EXERCISE PROMPT = Although the data below holds other lines too, output only those from the line with "geben werden." up to and including the line with "Jenner 1871 haben", exactly as they appear.

-- Opening Marker --

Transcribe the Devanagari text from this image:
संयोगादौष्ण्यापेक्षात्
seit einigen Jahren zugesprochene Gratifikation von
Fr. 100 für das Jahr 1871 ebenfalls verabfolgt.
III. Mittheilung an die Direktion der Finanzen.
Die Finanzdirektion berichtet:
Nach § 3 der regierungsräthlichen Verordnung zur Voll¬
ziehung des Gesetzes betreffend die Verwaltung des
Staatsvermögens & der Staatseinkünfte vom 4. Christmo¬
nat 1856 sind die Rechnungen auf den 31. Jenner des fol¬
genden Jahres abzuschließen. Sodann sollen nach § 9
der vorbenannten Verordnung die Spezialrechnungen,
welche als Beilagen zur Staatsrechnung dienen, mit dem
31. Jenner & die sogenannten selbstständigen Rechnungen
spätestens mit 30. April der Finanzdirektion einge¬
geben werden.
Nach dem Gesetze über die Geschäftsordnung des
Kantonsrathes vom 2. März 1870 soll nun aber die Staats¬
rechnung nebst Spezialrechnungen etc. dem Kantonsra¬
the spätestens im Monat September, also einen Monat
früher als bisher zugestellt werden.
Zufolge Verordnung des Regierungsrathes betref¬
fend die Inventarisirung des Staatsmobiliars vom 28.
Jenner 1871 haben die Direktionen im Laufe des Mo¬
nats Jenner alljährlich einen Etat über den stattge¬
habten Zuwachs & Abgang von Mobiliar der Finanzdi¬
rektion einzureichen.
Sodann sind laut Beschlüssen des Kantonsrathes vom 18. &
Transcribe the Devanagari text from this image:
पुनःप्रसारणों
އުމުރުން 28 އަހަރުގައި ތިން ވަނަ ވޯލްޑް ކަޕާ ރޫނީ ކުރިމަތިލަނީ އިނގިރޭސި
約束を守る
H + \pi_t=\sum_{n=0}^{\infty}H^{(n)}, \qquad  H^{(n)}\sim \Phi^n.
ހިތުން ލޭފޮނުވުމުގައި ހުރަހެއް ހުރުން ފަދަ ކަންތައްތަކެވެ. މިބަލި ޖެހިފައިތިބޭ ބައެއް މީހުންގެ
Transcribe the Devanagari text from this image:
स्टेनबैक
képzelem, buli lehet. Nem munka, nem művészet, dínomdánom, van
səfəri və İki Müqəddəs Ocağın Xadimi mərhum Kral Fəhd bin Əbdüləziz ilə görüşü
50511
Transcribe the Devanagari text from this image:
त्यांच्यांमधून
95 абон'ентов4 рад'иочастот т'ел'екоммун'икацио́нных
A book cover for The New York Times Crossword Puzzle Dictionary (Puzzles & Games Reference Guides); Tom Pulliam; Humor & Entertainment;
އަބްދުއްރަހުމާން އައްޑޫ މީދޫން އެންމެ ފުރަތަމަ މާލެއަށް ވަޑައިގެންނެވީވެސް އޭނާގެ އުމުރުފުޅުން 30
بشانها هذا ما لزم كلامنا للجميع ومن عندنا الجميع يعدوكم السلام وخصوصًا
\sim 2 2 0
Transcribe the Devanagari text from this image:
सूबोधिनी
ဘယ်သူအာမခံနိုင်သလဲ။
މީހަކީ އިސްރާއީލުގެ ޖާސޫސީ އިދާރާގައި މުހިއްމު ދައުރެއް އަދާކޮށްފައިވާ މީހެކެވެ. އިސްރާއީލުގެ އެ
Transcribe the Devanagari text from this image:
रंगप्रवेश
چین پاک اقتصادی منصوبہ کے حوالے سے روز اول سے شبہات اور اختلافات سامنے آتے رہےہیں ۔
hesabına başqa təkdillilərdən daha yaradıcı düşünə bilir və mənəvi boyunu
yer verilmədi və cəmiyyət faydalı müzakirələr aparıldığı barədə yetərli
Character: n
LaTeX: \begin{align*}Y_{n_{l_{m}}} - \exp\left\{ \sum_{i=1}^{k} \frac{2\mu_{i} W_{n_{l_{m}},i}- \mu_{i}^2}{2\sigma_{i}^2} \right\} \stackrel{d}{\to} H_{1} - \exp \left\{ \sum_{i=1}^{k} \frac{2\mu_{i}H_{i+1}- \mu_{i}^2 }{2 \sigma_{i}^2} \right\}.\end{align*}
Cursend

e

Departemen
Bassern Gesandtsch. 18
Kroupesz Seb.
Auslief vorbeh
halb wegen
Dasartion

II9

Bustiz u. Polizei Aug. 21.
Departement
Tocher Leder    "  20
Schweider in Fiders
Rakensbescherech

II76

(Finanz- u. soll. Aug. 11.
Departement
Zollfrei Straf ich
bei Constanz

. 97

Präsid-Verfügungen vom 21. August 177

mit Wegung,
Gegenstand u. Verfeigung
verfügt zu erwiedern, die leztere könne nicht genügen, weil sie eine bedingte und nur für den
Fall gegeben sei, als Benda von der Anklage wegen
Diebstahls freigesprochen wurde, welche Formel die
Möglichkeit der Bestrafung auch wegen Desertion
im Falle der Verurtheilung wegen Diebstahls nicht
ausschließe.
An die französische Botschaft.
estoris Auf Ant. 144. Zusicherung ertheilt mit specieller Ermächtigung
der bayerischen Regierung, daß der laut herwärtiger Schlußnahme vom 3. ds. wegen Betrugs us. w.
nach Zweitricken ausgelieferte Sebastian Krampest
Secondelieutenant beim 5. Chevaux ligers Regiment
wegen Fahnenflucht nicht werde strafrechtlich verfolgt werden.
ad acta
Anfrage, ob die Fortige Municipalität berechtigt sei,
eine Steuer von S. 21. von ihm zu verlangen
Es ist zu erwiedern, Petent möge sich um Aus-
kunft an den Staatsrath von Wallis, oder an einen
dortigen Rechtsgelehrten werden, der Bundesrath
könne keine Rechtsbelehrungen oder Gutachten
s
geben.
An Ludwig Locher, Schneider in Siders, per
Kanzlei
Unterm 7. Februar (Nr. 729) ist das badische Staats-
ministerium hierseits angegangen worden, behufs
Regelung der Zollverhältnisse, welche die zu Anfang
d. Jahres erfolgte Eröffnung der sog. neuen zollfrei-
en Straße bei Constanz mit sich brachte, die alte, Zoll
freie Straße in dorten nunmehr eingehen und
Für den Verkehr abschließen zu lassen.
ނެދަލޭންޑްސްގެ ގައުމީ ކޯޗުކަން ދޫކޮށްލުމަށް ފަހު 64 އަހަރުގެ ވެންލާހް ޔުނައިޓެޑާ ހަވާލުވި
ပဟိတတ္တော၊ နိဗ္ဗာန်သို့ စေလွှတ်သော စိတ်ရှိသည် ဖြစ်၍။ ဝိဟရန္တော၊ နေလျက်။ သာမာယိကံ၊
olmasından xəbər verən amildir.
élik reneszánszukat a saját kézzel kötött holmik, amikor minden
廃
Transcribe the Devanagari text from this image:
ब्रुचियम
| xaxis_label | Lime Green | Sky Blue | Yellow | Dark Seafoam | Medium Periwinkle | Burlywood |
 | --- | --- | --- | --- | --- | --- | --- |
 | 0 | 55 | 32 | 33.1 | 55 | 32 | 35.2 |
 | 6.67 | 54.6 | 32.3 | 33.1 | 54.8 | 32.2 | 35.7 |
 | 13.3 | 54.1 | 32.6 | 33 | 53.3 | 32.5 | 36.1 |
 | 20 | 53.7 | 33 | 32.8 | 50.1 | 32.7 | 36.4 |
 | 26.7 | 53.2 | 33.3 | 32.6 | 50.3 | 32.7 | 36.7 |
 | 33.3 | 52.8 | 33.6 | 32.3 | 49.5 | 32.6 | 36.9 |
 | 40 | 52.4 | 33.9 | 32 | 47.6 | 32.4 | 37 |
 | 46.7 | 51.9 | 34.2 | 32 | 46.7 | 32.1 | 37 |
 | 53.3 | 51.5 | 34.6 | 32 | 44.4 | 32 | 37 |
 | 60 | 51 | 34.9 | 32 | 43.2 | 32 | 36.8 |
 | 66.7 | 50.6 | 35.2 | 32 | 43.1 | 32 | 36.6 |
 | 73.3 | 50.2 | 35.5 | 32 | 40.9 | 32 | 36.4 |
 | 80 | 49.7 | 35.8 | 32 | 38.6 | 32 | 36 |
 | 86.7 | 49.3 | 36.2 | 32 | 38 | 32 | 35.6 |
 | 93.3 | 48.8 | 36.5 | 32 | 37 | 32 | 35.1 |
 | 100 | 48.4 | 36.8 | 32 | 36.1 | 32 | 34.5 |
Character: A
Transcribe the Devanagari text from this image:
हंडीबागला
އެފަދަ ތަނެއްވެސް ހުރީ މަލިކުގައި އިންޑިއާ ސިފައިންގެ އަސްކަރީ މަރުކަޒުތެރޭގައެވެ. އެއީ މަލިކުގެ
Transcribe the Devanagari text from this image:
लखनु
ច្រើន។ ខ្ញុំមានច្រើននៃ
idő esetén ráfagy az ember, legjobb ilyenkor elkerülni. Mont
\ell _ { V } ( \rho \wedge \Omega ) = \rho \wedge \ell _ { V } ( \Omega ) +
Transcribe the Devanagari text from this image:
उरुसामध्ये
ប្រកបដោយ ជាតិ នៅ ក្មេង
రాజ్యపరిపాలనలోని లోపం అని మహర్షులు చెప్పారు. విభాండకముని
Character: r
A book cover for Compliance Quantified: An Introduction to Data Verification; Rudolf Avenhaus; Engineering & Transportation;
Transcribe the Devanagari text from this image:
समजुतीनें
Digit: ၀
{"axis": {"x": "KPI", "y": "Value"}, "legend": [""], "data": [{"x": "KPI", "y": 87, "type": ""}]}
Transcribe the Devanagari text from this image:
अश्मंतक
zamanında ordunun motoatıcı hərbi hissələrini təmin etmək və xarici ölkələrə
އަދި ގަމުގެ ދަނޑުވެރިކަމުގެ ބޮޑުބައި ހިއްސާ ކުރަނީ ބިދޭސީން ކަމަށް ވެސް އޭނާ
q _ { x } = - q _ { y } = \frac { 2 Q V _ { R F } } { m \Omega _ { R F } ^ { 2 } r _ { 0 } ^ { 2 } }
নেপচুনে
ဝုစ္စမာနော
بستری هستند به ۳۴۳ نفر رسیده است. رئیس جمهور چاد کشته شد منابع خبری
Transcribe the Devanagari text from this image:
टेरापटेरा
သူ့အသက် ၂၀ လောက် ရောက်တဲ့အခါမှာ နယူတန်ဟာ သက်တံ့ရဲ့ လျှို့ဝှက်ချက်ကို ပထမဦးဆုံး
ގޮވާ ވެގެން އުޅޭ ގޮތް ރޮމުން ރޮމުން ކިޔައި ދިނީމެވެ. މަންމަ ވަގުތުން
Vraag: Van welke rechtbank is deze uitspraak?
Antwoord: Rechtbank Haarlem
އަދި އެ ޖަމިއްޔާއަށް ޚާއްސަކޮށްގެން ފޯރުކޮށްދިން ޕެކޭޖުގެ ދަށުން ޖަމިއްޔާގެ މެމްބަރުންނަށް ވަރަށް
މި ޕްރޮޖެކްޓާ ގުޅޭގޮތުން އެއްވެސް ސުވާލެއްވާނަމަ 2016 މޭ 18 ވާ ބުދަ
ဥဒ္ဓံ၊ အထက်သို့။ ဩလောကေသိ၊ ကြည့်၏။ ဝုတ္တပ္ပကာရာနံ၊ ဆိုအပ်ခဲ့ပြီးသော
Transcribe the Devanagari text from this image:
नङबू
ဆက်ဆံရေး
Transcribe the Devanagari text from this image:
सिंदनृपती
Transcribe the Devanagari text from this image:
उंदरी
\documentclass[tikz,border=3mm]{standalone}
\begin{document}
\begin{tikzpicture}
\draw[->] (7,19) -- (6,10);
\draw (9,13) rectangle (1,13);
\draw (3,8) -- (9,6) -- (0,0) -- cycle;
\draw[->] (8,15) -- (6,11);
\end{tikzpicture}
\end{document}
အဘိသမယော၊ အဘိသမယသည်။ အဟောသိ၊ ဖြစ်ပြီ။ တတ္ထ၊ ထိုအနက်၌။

-- Closing Marker --

WRITTEN ANSWER =
geben werden.
Nach dem Gesetze über die Geschäftsordnung des
Kantonsrathes vom 2. März 1870 soll nun aber die Staats¬
rechnung nebst Spezialrechnungen etc. dem Kantonsra¬
the spätestens im Monat September, also einen Monat
früher als bisher zugestellt werden.
Zufolge Verordnung des Regierungsrathes betref¬
fend die Inventarisirung des Staatsmobiliars vom 28.
Jenner 1871 haben die Direktionen im Laufe des Mo¬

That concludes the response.